В некоторых недавно опубликованных философских наблюдениях Паоло Сарпи, [20] номиналиста школы Оккама, [21] можно найти следующие утверждения. Они тем более примечательны, что, оставаясь без каких-либо результатов в мысли Сарпи и будучи неразвитыми в последующей философии, они кажутся не его собственным изобретением, а простым повторением схоластических диктатов. «Мы имеем достоверное знание как о существовании, так и о причине тех вещей, которые мы полностью понимаем, как создавать: о тех, которые мы знаем по опыту, мы знаем существование, но не причину. Мы можем, однако, догадываться о ней и искать просто возможную причину: но из многих найденных возможных мы не можем быть уверены, какая из них истинная. Этот факт можно увидеть в описаниях астрономических теорий, и это было бы также верно в случае человека, который впервые увидел часы. Из различных догадок та, что принадлежит человеку, который знал, как сделать подобные объекты, была бы ближе всего к истине, например, тот, кто понимал конструкцию механизмов, когда видел другой вид машины: но тем не менее он никогда по этой причине [22] не будет знать наверняка. Существует, таким образом, три вида знания: во-первых, знание, как сделать объект: во-вторых, опыт его: и в-третьих, догадки о возможностях». Эта мысль, таким образом, а именно, что объекты познаются их творцом и что Бог знает объекты, потому что Он создает их, по-видимому, была распространена в школах: и это объясняет факт ее появления случайным образом и как очевидной истины в «Quod nihil scitur» (1581) Франческо Санчеса, где объявлено невозможным «perfecte cognoscere quis quae non creavit; nec Deus creare potuisset nec creata regere quae non perfecte precognovisset» [23] (чтобы кто-то познал совершенно вещи, которые он не создал: ни Бог не смог бы создать, ни после создания управлять вещами, которые Он не предвидел совершенно).

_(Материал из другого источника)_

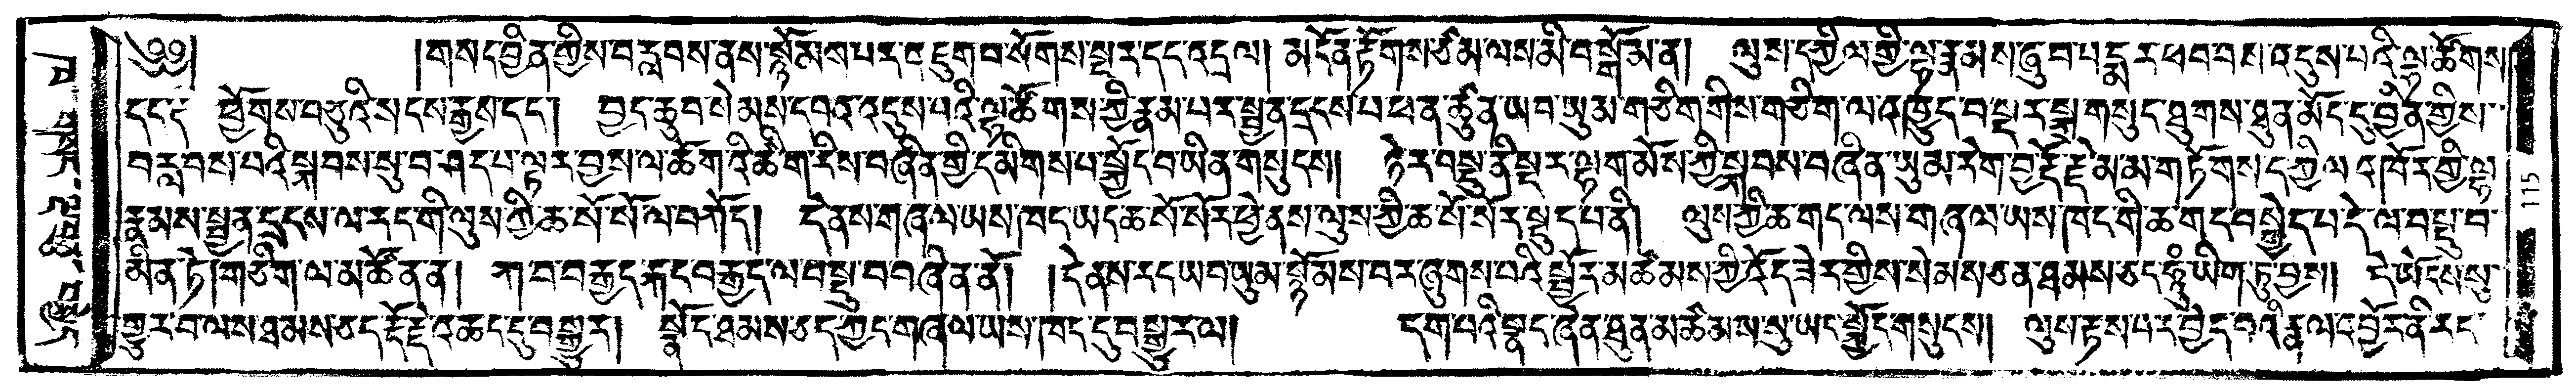༄༅། །གསང་བྱིན་གྱིས་བརླབས་ནས་སྙོམས་པར་འཇུག་པ་སོགས་སྔར་དང་འདྲ་ལ། མངོན་རྟོགས་ཙམ་ལས་མི་བསྒོམ་ན། ལུས་དཀྱིལ་གྱི་ལྷ་རྣམས་ཞུ་བ་པདམར་ཕབ་བས་འདུས་པའི་ལྷ་ཚོགས་
དང༑ ཕྱོགས་བཅུའི་སངས་རྒྱས་དང་། བྱང་ཆུབ་སེམས་དཔའ་འདུས་པའི་ལྷ་ཚོགས་ཀྱི་རྣམ་པར་སྤྱན་དྲངས་པ་ཕན་ཚུན་ཡབ་ཡུམ་གཅིག་གིས་གཅིག་ལ་འཁྱུད་བ་སྔར་སྐུ་གསུང་ཐུགས་ཐུན་མོང་དུ་བྱིན་གྱིས་
བརླབས་པའི་སྐབས་སུ་བཤད་པ་ལྟར་བྱས་ལ་ཆོ་གའི་ཚིག་རིས་བཞིན་གྱི་དམིགས་པ་སྐྱོང་བ་ཡིན་གསུངས། ཉེར་བསྡུ་ནི་སྔར་ལྷག་མོས་ཀྱི་སྐབས་བཞིན་ཡུམ་རེག་བྱ་རྡོ་རྗེ་མ་མ་གཏོགས་དཀྱིལ་འཁོར་གྱི་ལྷ་
རྣམས་སྤྱན་དྲངས་ལ་རང་གི་ལུས་ཀྱི་ཆ་སོ་སོ་ལ་བཀོད། དེ་ནས་གཞལ་ཡས་ཁང་ཡང་ཆ་སོ་སོར་ཕྱེ་ནས་ལུས་ཀྱི་ཆ་སོ་སོར་སྡུད་པ་ནི། ལུས་ཀྱི་ཆ་གང་ལས་གཞལ་ཡས་ཁང་གི་ཆ་གང་བསྐྱེད་པ་དེ་ལ་བསྡུ་བ་
མིན་ཏེ། གཅིག་ལ་མཚོན་ན། ཀ་བ་བརྒྱད་རྐང་བརྒྱད་ལ་བསྡུ་བ་བཞིན་ནོ། །དེ་ནས་རང་ཡབ་ཡུམ་སྙོམས་བར་ཞུགས་པའི་སྦྱོར་མཚམས་ཀྱི་འོད་ཟེར་གྱིས་སེམས་ཅན་ཐམས་ཅད་ཧཱུཾ་ཡིག་ཏུ་བྱས། དེ་ཡོངས་སུ་
གྱུར་བ་ལས་ཐམས་ཅད་རྡོ་རྗེ་འཆང་དུ་བསྒྱུར། སྣོད་ཐམས་ཅད་ཀྱང་གཞལ་ཡས་ཁང་དུ་བསྒྱུར་ལ། དག་པའི་སྣང་ཞེན་ཐུན་མཚམས་སུ་ཡང་སྐྱོང་གསུངས། ལུས་རྟས་པར་བྱེད་བའི་རྣལ་འབྱོར་ནི་རང་

Но нужно ли нам продолжать искать ее в виде случайного замечания или изолированного положения, лишенного философской связи, в трудах философов или лекционных залах школ? Разве она не была просто частью общей мысли, которая ежедневно провозглашает, что человек, сделавший вещь, знает ее лучше, чем тот, кто ее не делал? Вероятно, немного внимания обнаружило бы ее во многих и несхожих трактатах; и что касается меня, читая на днях «Хронику» Оттона Фрейзингского, я наткнулся на нее во введении к третьей книге, где хронист, пишущий, как известно, под влиянием «О граде Божьем» святого Августина, останавливается перед возражением, что замыслы Бога в истории непостижимы, и излагает следующие размышления: «Что же нам тогда делать? Если мы не можем понять, должны ли мы хранить молчание? Тогда кто ответит тем, кто льстит, отразит тех, кто нападает, и разумом и силой своих слов опровергнет тех, кто хотел бы разрушить веру, которая в нас? Итак, мы не можем понять тайные советы Бога, и все же мы часто вынуждены давать разумный отчет об этих вещах. Что? Будем ли мы рассуждать о вещах, которых не понимаем? Мы можем приводить доводы, но человеческие доводы, когда мы еще не можем понять божественные доводы. И так случается, что когда мы говорим о теологических материях, не имея для них правильных слов, мы, будучи людьми, используем свои собственные слова; и говоря о столь великом Боге на человеческом языке, мы используем наши слова тем смелее, «quo ipsum figmentum nostrum cognoscere non dubitamus», потому что мы никогда не сомневаемся, что знаем вещь, которую сами сформировали: «quis enim melius cognoscit quam qui creavit?» ибо кто знает вещь лучше, чем тот, кто ее создал?» [24] Логика аббата Фрейзингского в этом пункте может показаться немного софистической: но факт остается фактом, что он ссылается на общее мнение, что знает вещи тот, кто их сделал.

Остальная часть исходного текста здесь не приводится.